The backstory: they don’t care. They’ve managed to come to take what they want from mum’s property. My bigger problem is how to tell mum.

They sound like my aunt.
She never spent any time visiting my spinster great aunts who were quite wealthy. But when the last one died and all the nieces and nephews were dividing up their belongings, she threw a gigantic tizzy when she didn’t get to take everything she wanted and stomped out.
She was 50+ but acted like she was 12. My mum said it was painfully embarrassing.
People are selfish and self-centered. And nothing brings that out more than inheritance.

IloveAslan · 02/03/2024 22:42

ItRainsItPours · 02/03/2024 20:48

@IloveAslan i don’t talk about my difficult mother in real life. The one time I slightly drunkenly said my MIL was much nicer then my ‘d’m I was looked at like I had two heads. People with normal loving mums do not always take well to hearing others truth.

I know my good friends well enough to know that they were all perfectly happy with their mothers. My mother and I used to argue and she would stop speaking to me - it could go on for weeks and I was always the one who had to make the first move. I still loved her dearly and would have done anything for her, and she for me.

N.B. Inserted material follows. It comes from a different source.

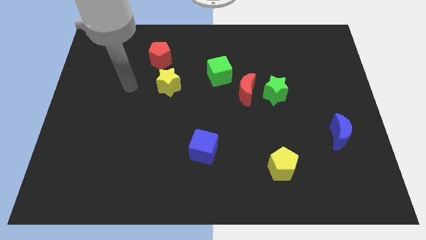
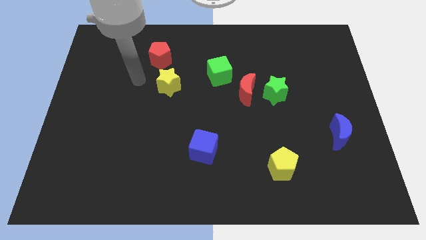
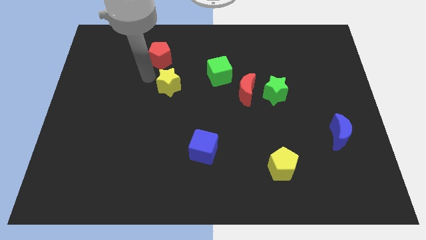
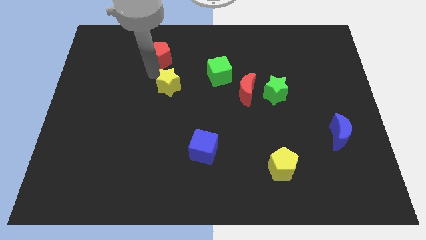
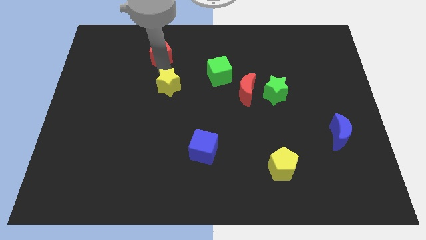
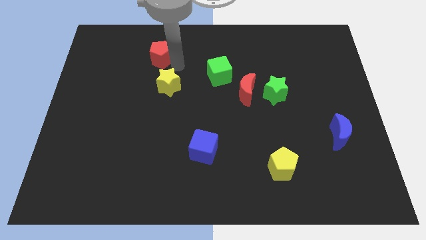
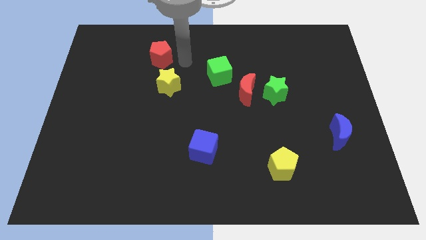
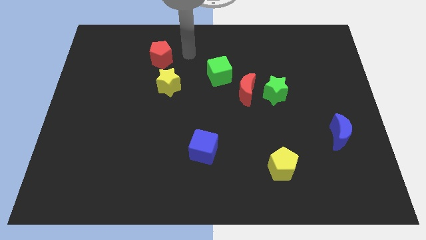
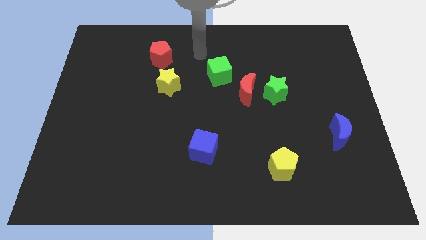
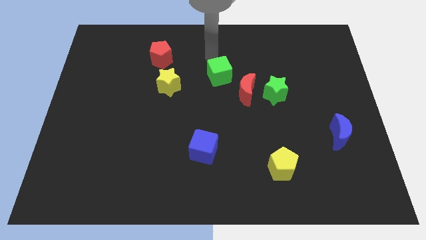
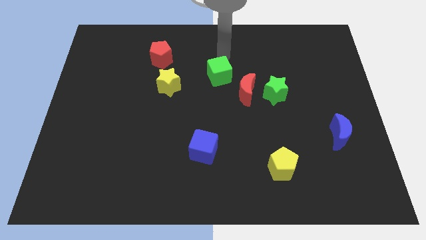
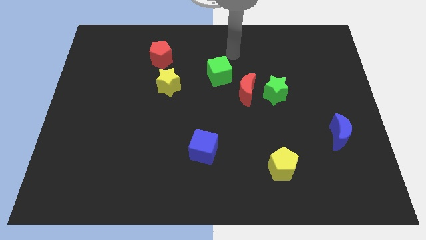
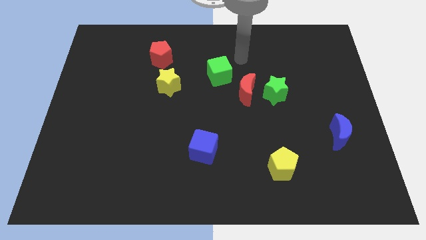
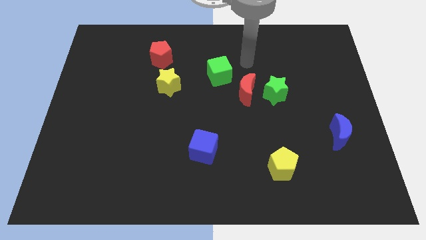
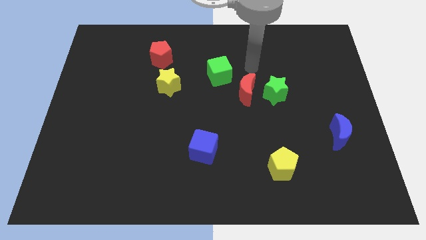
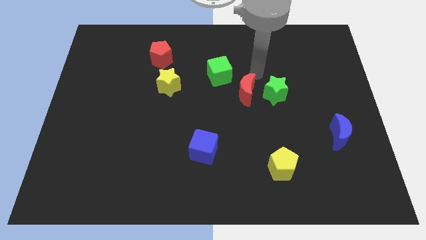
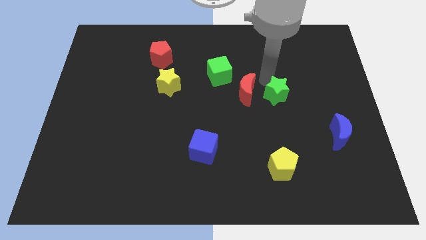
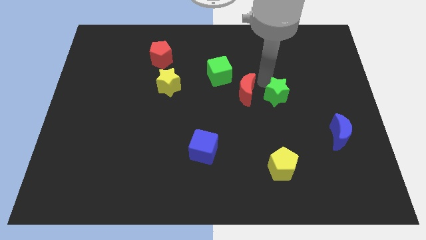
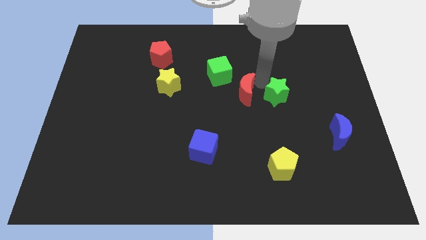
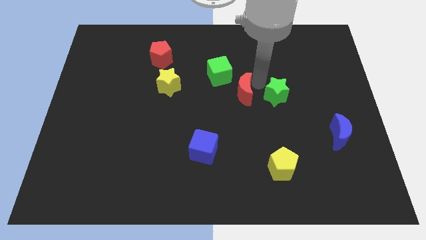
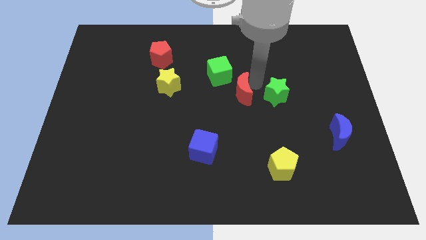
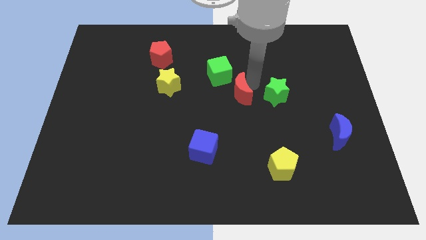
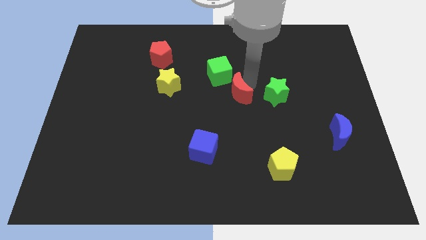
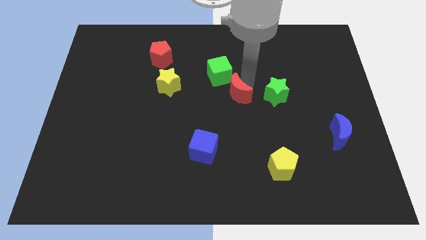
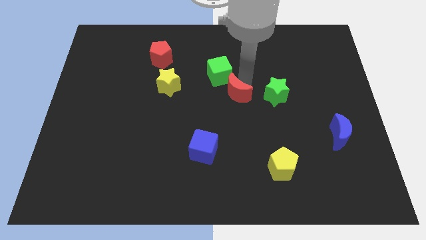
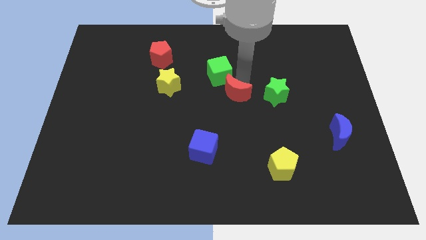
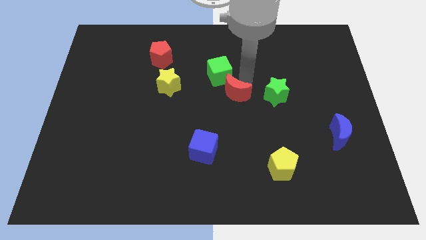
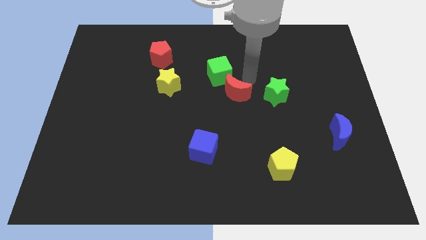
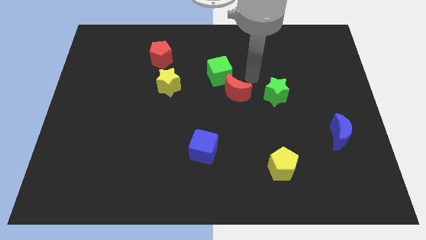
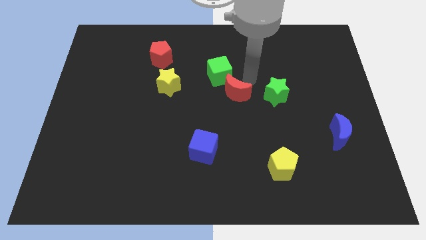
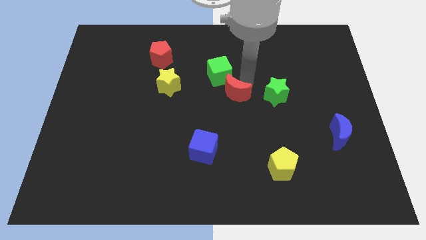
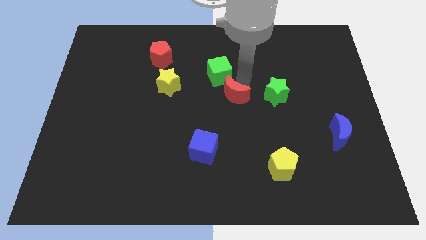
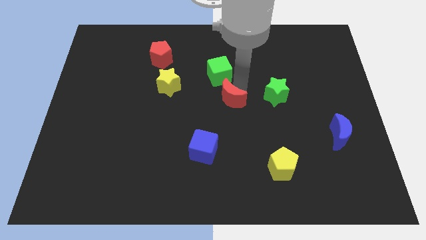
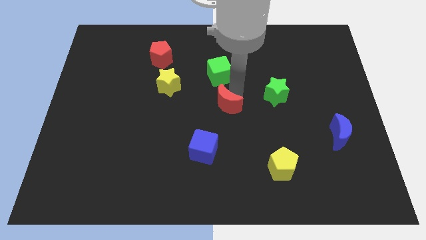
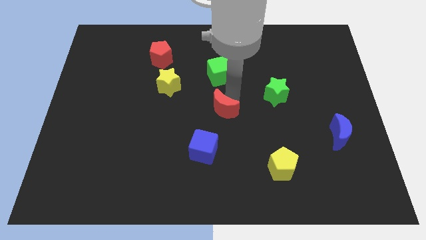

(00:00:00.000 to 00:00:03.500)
move the red moon a little downwards and to the left diagonally

I know there are some dreadful mothers, but I find on MN that if a mother has differing views on life that's enough for them to be classed as "difficult". As I said, MN is such a very odd place and vastly different to real life.

Twatalert · 02/03/2024 22:45

@IloveAslan the silent treatment is actually emotional abuse.

IloveAslan · 02/03/2024 22:49

dimllaishebiaith · 02/03/2024 20:50

4% of children are psychologically abused by their mothers and 2.9% physically abused (ONS)

Not a huge percentage but not insignificant either

I'm willing to bet you know more than one, it's just that whilst, for example, I am willing to talk about my abuse by my mother freely on an anonymous forum, I very rarely mention it in real life, and the same is true for other victims.

Doesn't mean the OPs mother is abusive. But doesn't mean it's as non existent as your post would seem to imply. It's like a someone claiming women aren't sexually assaulting because none of them have ever told them that they have been.

I never said it was non-existent, but come on ...... Those figures are very low, and yet almost everyone on MN seems to believe that the majority of mothers were bad. Our mothers made mistakes, just as the mothers of today do, despite most of them believing they are perfect. It doesn't mean that they are bad mothers and should be punished. My own DM said some awful things to me when I was a child, it doesn't affect me at all, and when I look back at my teen years I said some awful things to her. We were still very close (both only children) and I wish I could have her back again.

I also think I know my friends better than you do and I can assure you that none of them were "abused" by their mothers (or fathers come to that). I don't live in the UK btw, maybe people here are more open about their lives than they are there.